* _Exercise aim_
An exact copy of every record below is needed, with all pictures removed.

━━ Task inputs

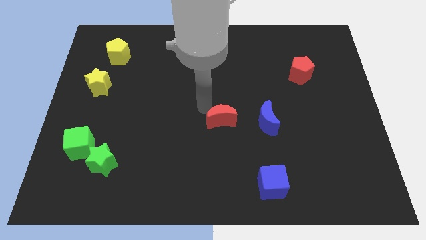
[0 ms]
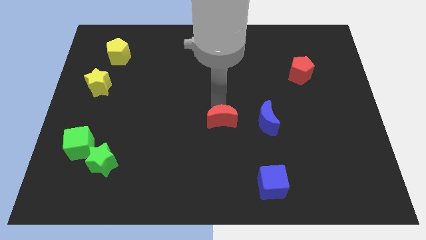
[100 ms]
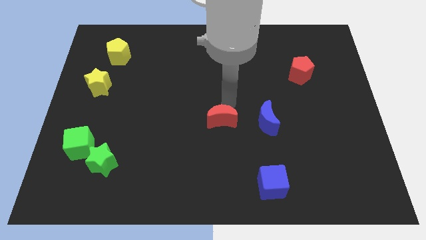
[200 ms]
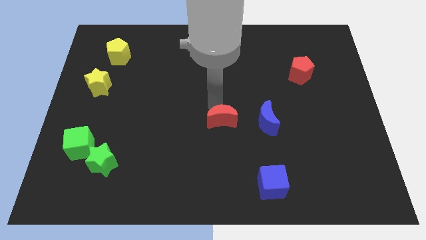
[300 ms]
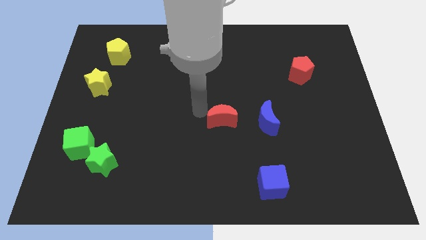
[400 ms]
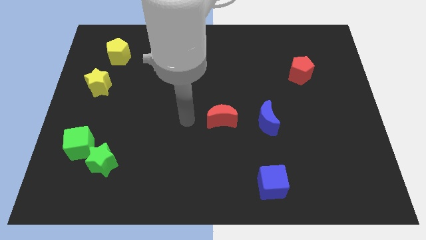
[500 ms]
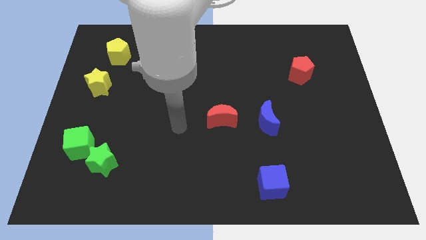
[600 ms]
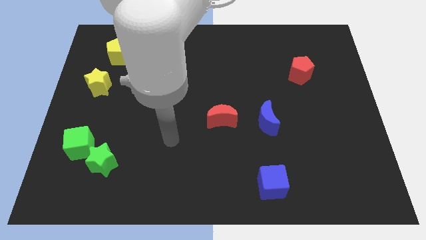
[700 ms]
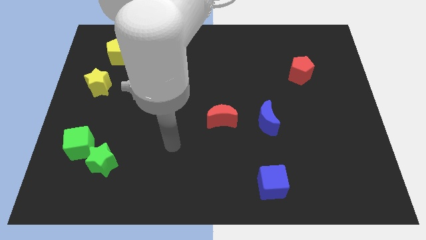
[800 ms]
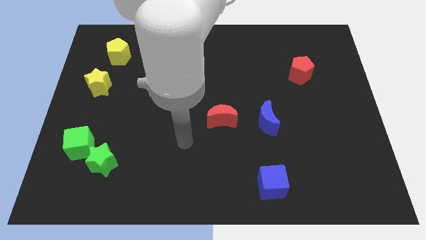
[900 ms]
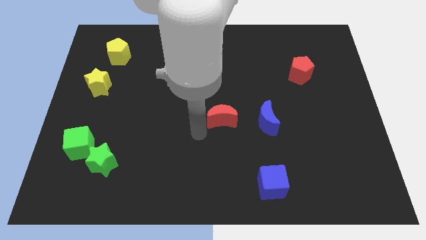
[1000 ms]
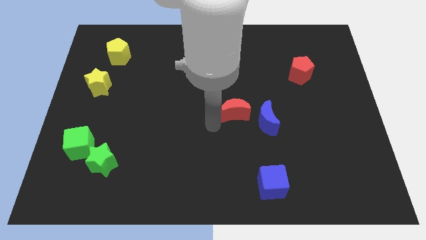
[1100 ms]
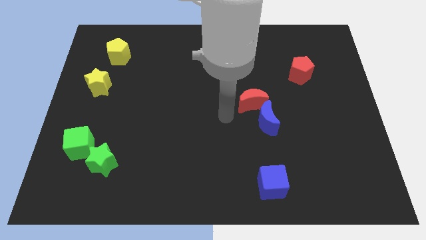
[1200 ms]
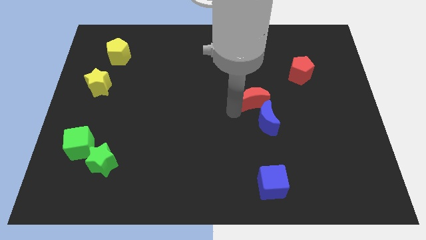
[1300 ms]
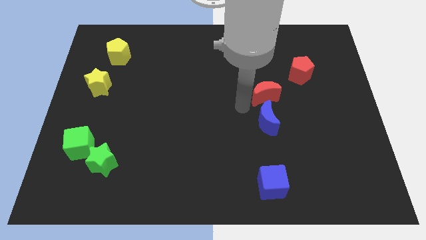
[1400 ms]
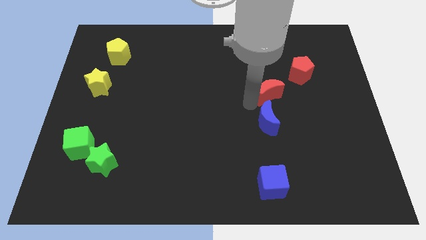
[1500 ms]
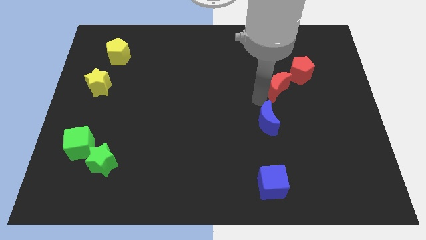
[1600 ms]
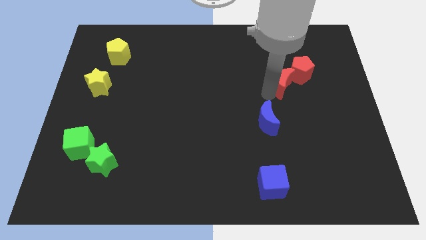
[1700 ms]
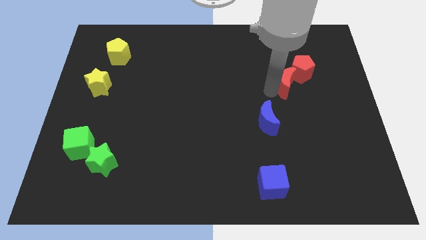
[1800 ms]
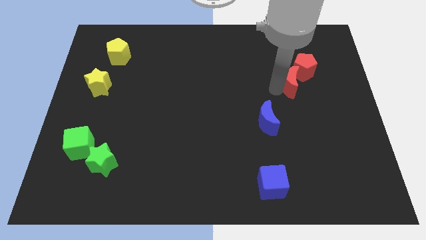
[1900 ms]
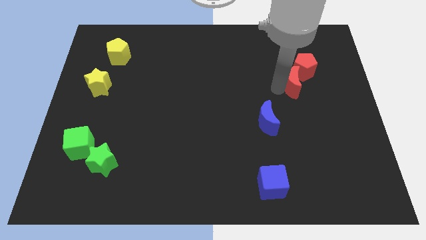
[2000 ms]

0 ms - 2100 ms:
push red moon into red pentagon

━━━━

* _Answer to the exercise_
[0 ms]
[100 ms]
[200 ms]
[300 ms]
[400 ms]
[500 ms]
[600 ms]
[700 ms]
[800 ms]
[900 ms]
[1000 ms]
[1100 ms]
[1200 ms]
[1300 ms]
[1400 ms]
[1500 ms]
[1600 ms]
[1700 ms]
[1800 ms]
[1900 ms]
[2000 ms]

0 ms - 2100 ms:
push red moon into red pentagon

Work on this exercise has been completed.